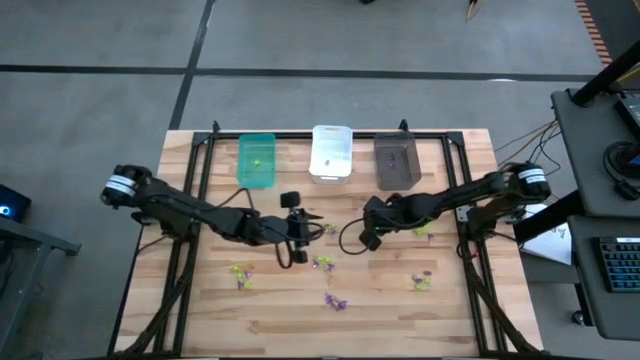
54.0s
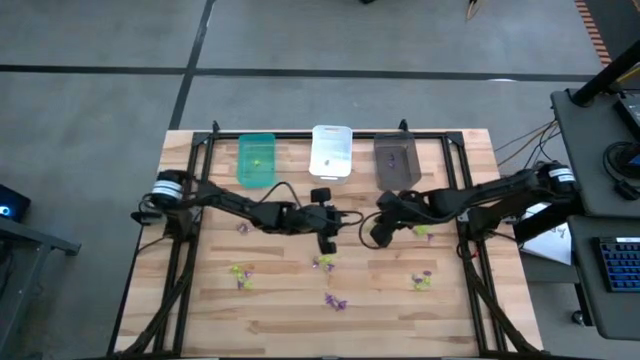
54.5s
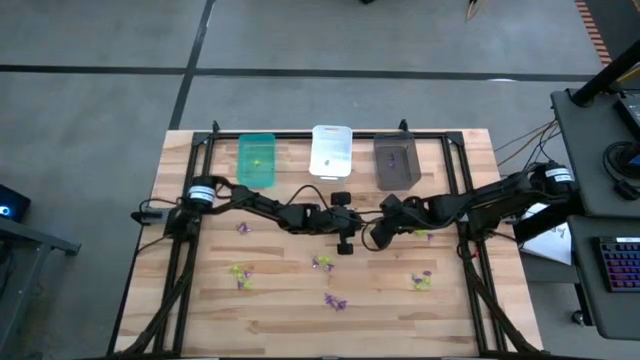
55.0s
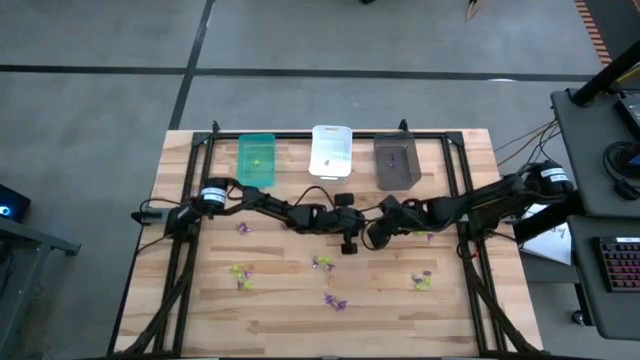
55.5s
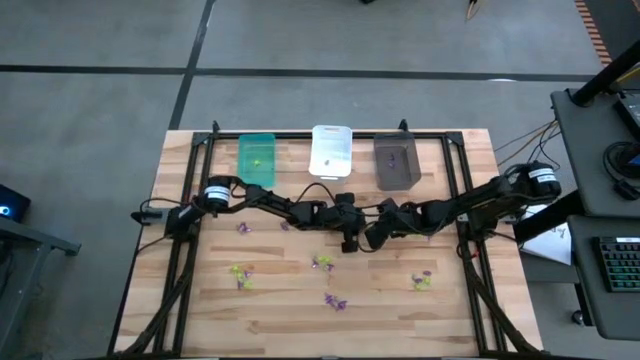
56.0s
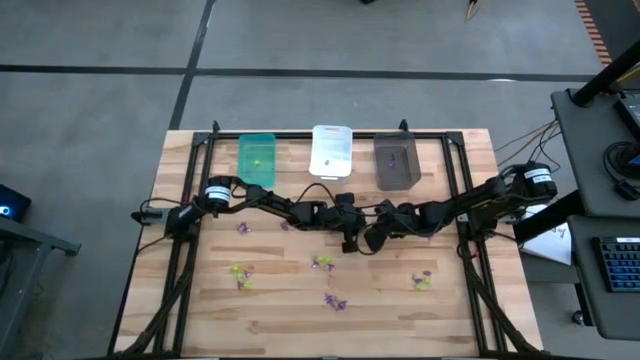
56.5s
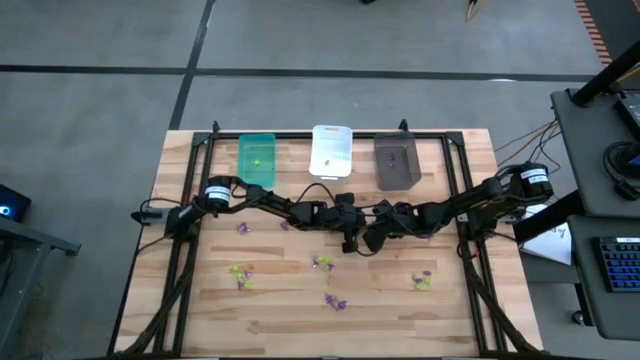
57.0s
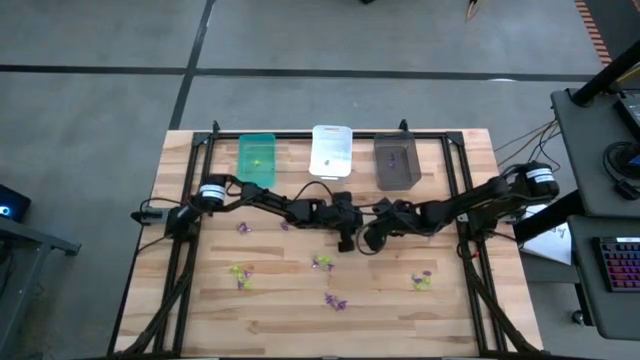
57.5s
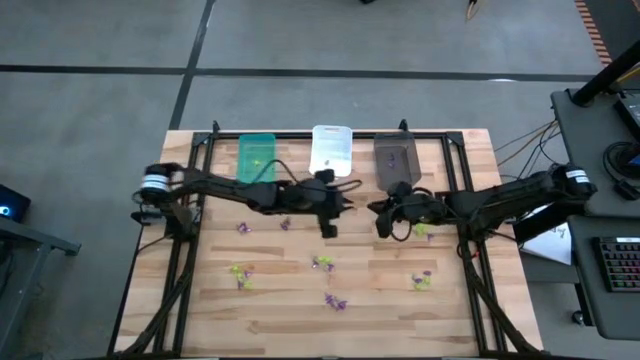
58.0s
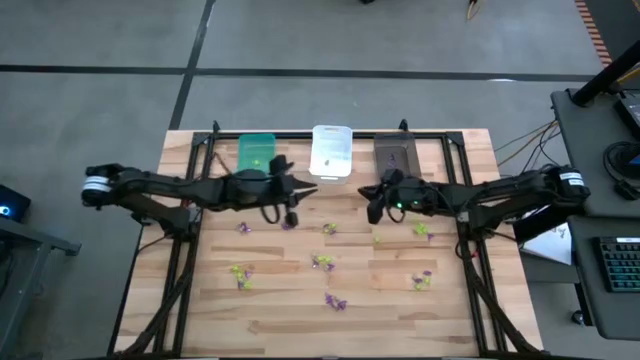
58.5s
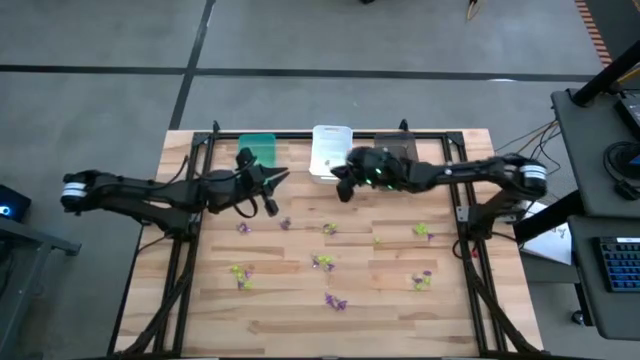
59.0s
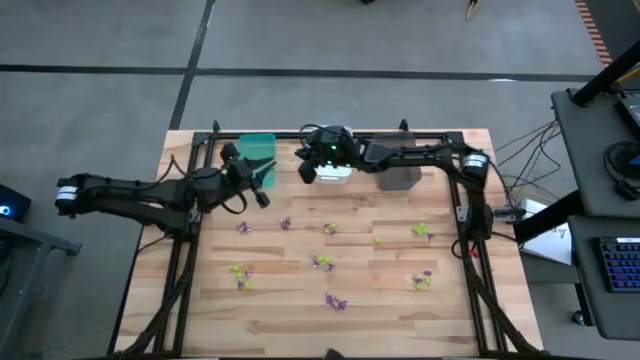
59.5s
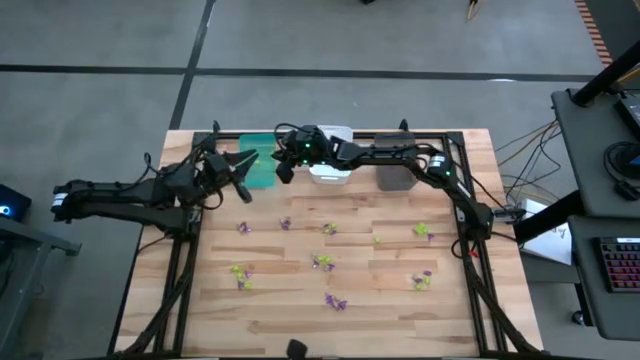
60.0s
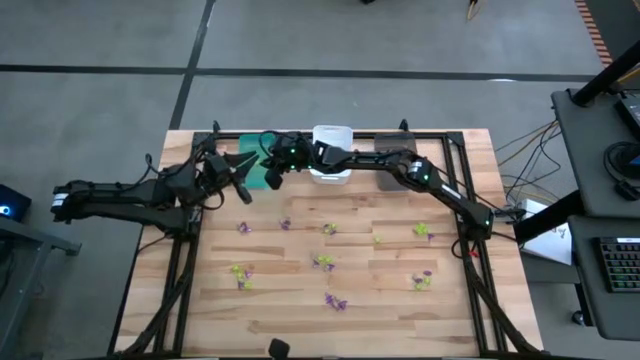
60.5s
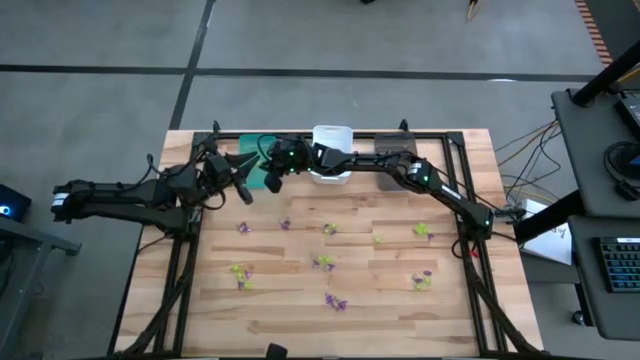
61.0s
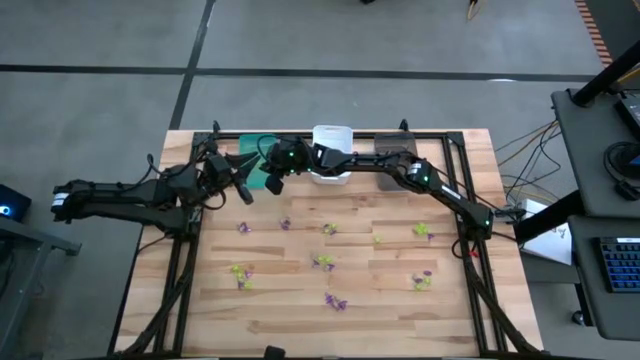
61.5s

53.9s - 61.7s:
Task: Sort Halloween decoration
Put the green spider toy into the blue bin

++++++++++++++++++++

Assignment => Retype the listing exactly. Skip every picture.

Answer section =>
54.0s
54.5s
55.0s
55.5s
56.0s
56.5s
57.0s
57.5s
58.0s
58.5s
59.0s
59.5s
60.0s
60.5s
61.0s
61.5s

53.9s - 61.7s:
Task: Sort Halloween decoration
Put the green spider toy into the blue bin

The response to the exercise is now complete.